Paul wrote to the Roman church “I magnify my office”.  The term he used was actually “glorify”.  In context it means to enhance or expand; to beautify; to improve what exists.

 

For example, an unadorned Christmas tree is not very attractive.  But when an artsy person adds lights, tinsel, bulbs, and ribbons it becomes a thing of beauty. Even so in ministry:  God gives us the raw material and we “magnify” it for Him by our efforts — done for His honor rather than our own.

 

It has ever been so.  The first Adam was placed in the Garden of Eden before the Fall to “work and take care of it”.  Why this seemingly innocuous assignment? 

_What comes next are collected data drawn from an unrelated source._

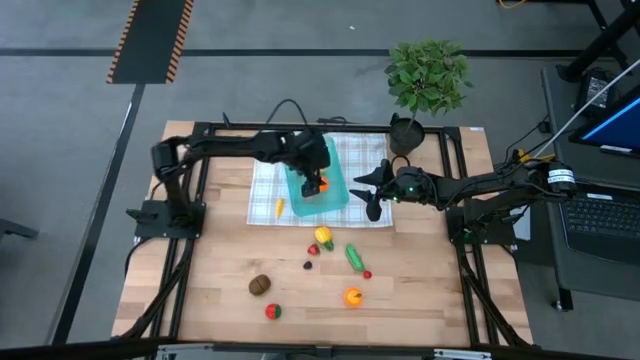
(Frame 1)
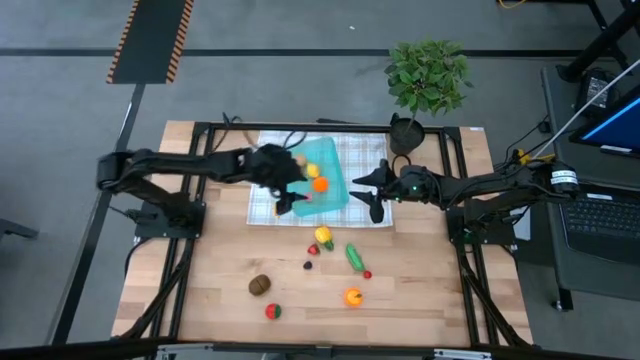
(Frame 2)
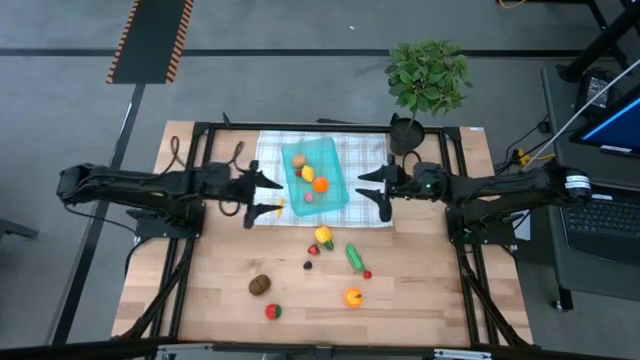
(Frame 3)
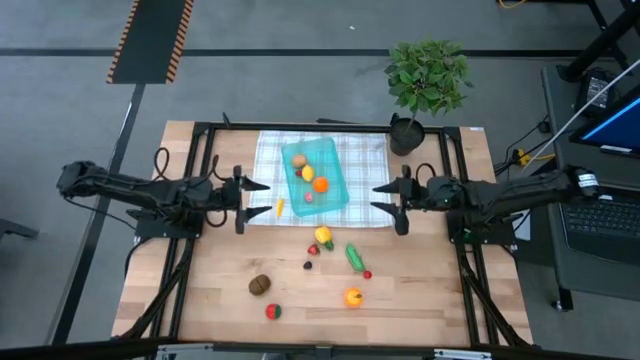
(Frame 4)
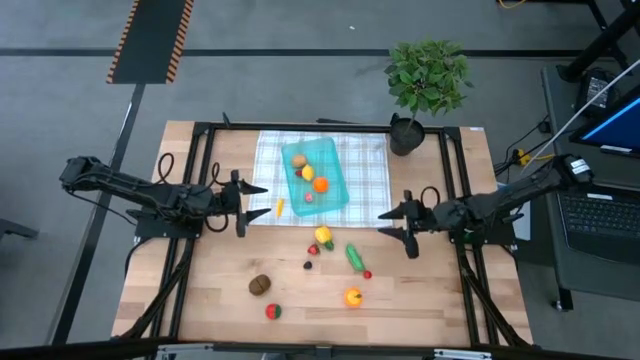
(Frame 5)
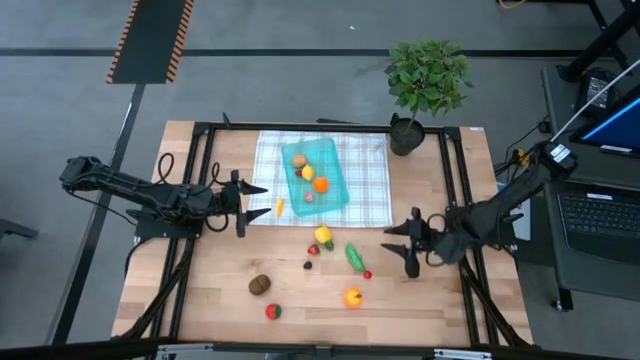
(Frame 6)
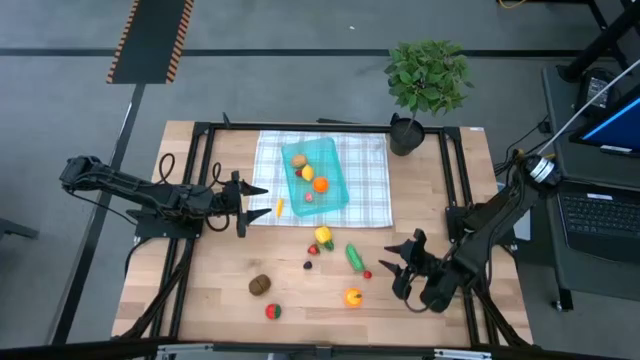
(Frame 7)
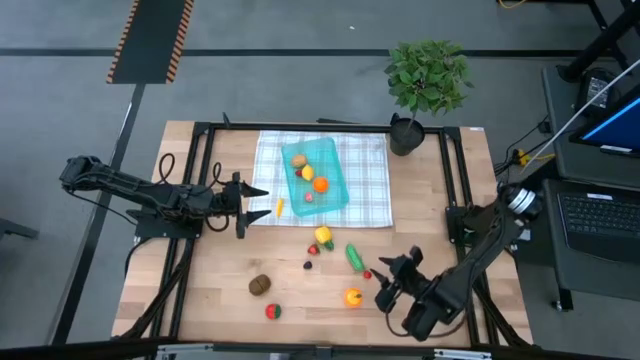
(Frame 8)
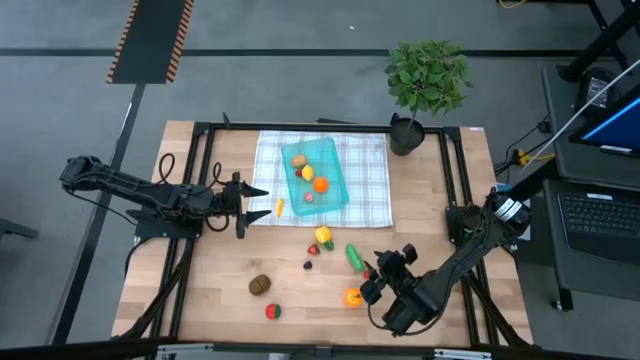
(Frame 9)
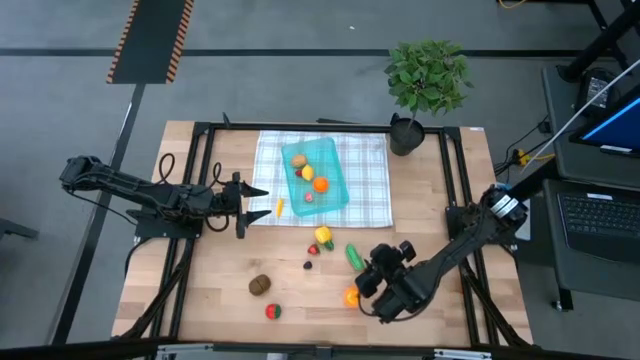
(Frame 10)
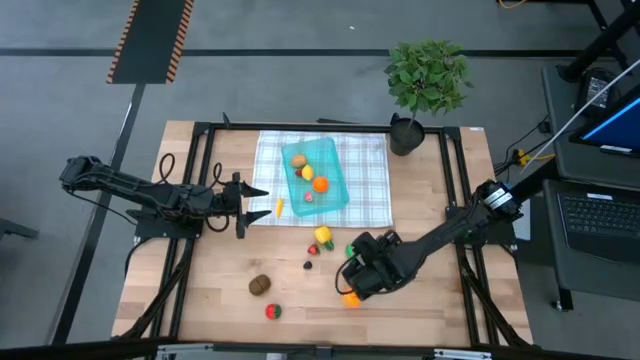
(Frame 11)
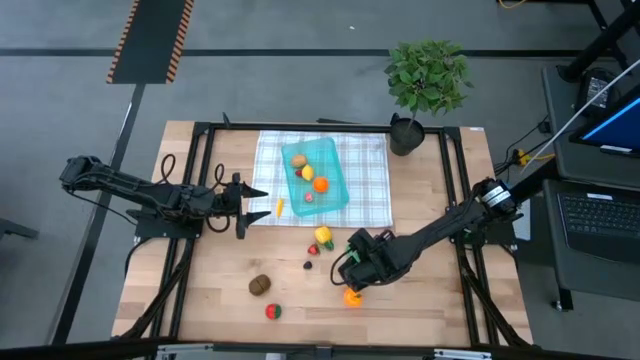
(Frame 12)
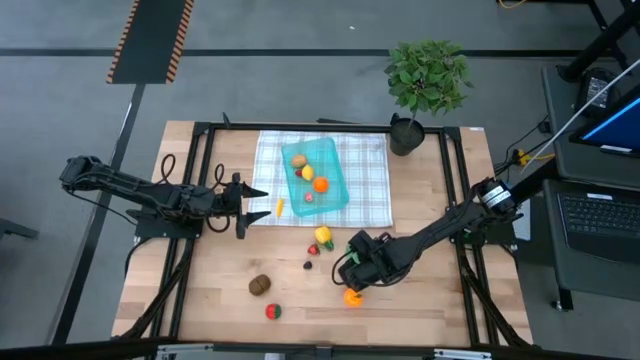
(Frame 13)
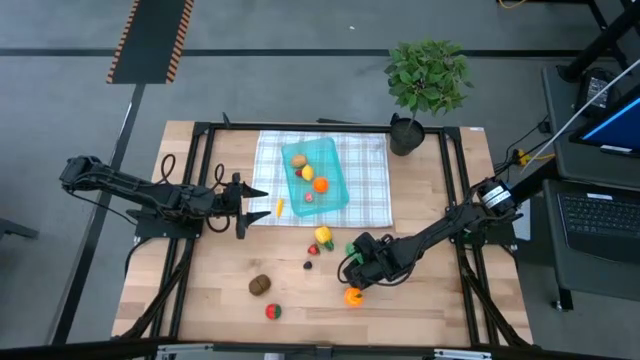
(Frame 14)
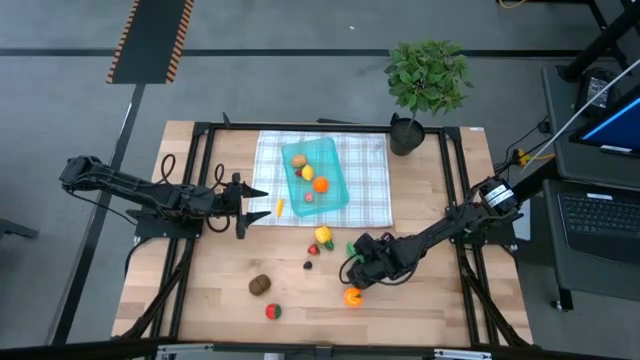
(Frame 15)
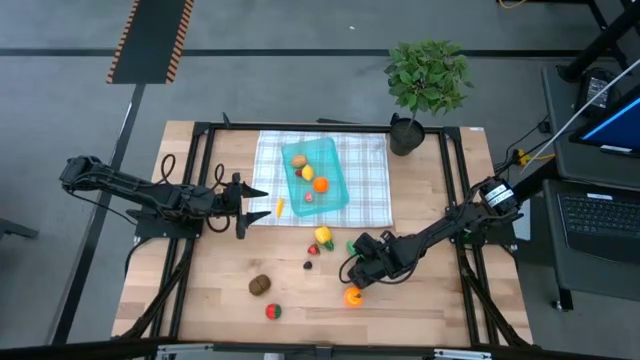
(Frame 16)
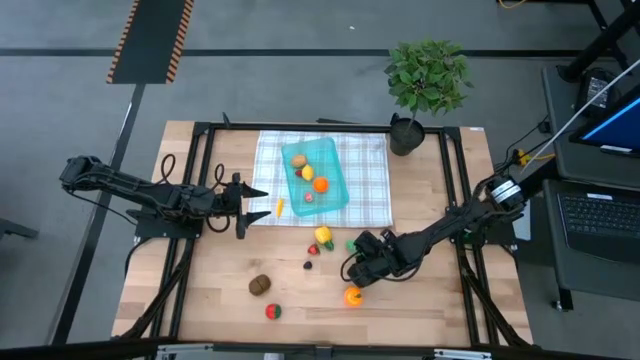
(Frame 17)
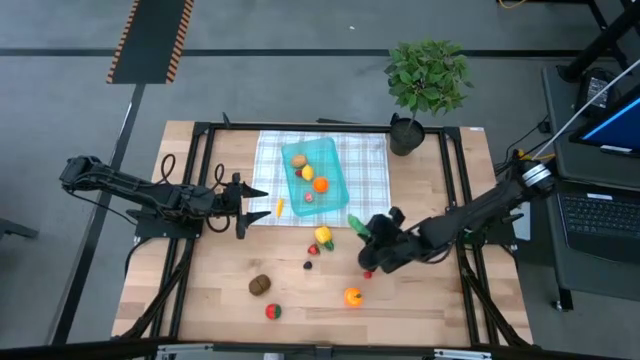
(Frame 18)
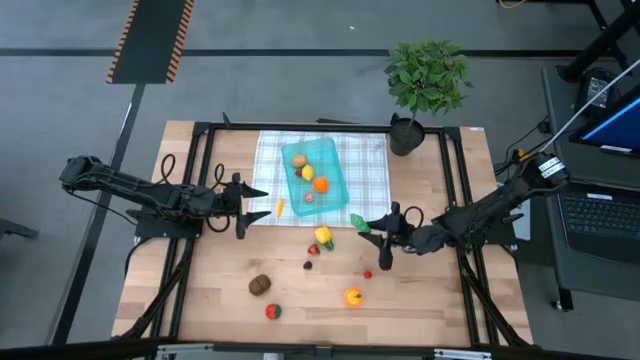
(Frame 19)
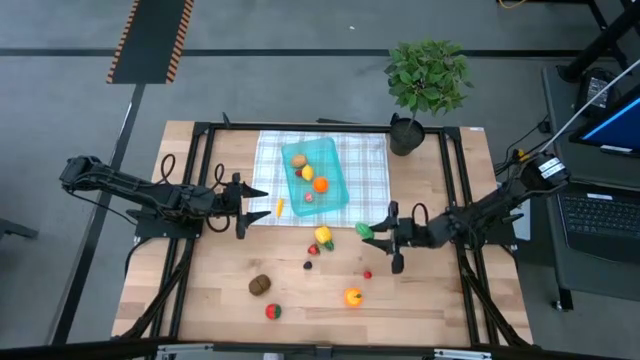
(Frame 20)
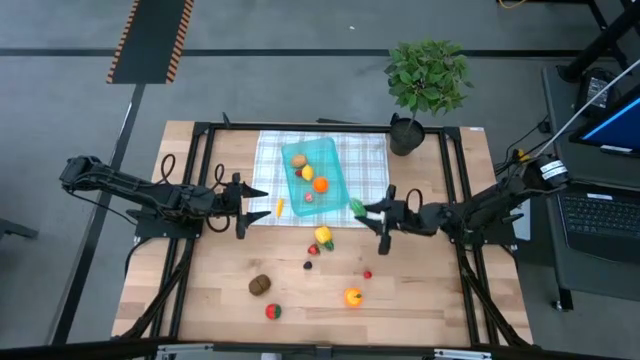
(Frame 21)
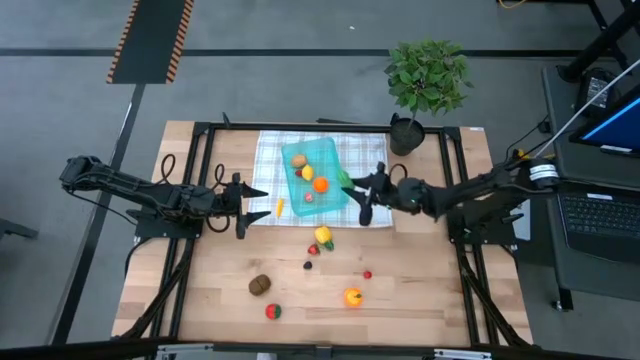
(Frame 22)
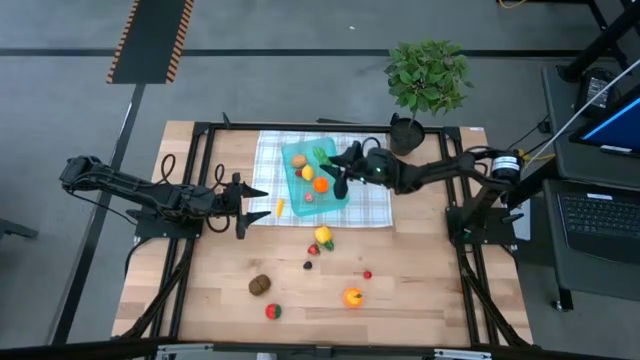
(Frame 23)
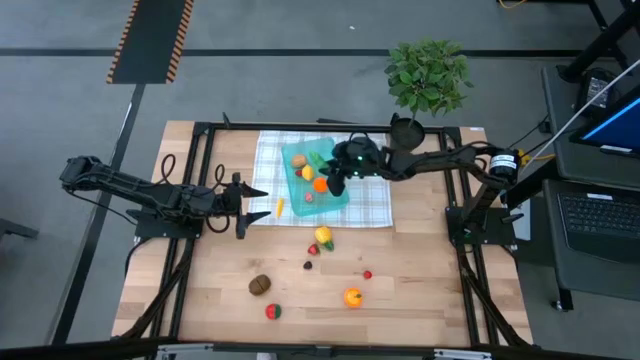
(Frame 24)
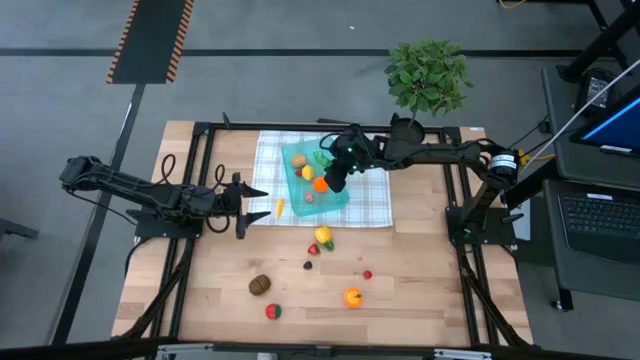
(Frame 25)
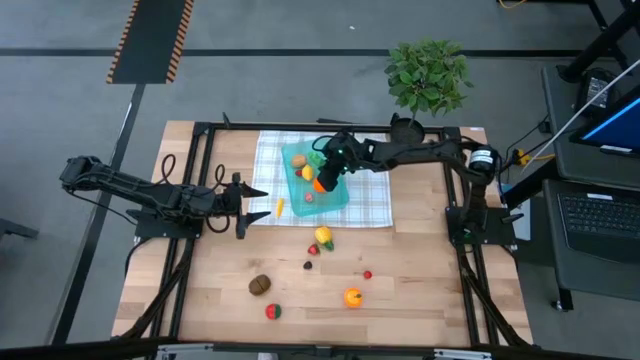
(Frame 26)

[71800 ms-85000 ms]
Task: Pick and placing Produce into tupperware
Put the green pea into the blue bin

There were no weeds to pull. There was no lawn to water.  God had made a beautiful paradise without Adams’ aid.  What could this created man do to make God’s creation better?  Could he be expected to improve on “and God saw that it was good”?

 

Well, yes, as a matter of fact, he could!  God had left some small things undone so that Adam could “magnify”, not himself, but Him.  The ever-so-slightly unfinished work of creation was to be gradually completed by way of a partnership between God and Adam. Since Adam was formed in God’s image, he possessed a natural penchant for making things better and more beautiful.  This was in his DNA.  He took after his Father.

 

But after the Fall the human inclination to invent, improve, discover, and create became selfish in the extreme.  Creativity morphed into a stage upon which to magnify Adam, rather than glorify God.  The Office of Topiary to the Glory of Elohim became prostituted.  The process became something base and ignoble. 

 

Now all-too-mortal arborists trimmed trees and improved flower beds with nary a consideration for the Almighty.  They no longer sought God’s smile or His favor.  Furthermore, now there were weeds, a sign of the new sin-full order, which took the delight out of work as worship and turned it into drudgery for momentary self exhalation.

 

However, Paul regained the right perspective and focus.  It was all about God, not about him.  His purpose was to magnify his ministry, so that God could be honored. His life’s work was to the end that he could one day hear “well done, my good and faithful servant”.  He served his Savior, not his self.

 

Today we who are called to be “God’s gardeners” have been set apart to work in a Fallen Eden.  Our labor is made increasingly difficult by the thorns and thistles that aim to choke out the very Word we proclaim. 

 

Yet, we seek to magnify our ministry – not to our glory, but His.  We are all too aware that without God and His giftings we can do no-thing, but even with His divine enablements the job won’t get done unless we give it our full effort and panache.

 

Paul made much of his ministry for Jesus of Nazareth, whom he had encountered at high noon two decades before. 

 

He transformed the dirt from the Damascus Road into divine gold dust for God.

 

He took the shabby threads of his BC existence and wove a testimonial tapestry in honor of Christ’s goodness. 

 

Paul’s scars bore witness to the fact that he had not fled adversity, but had been true to his primal call.

 

Any and all of us who are in ministry, called by Almighty God, could do worse than have an epitaph that reads:  “He magnified his ministry” or “She made much of her call”. 

 

May we strive to festoon and adorn the Gospel of Christ until the falleness of this Adamic planet is transformed into an Edenic paradise once more.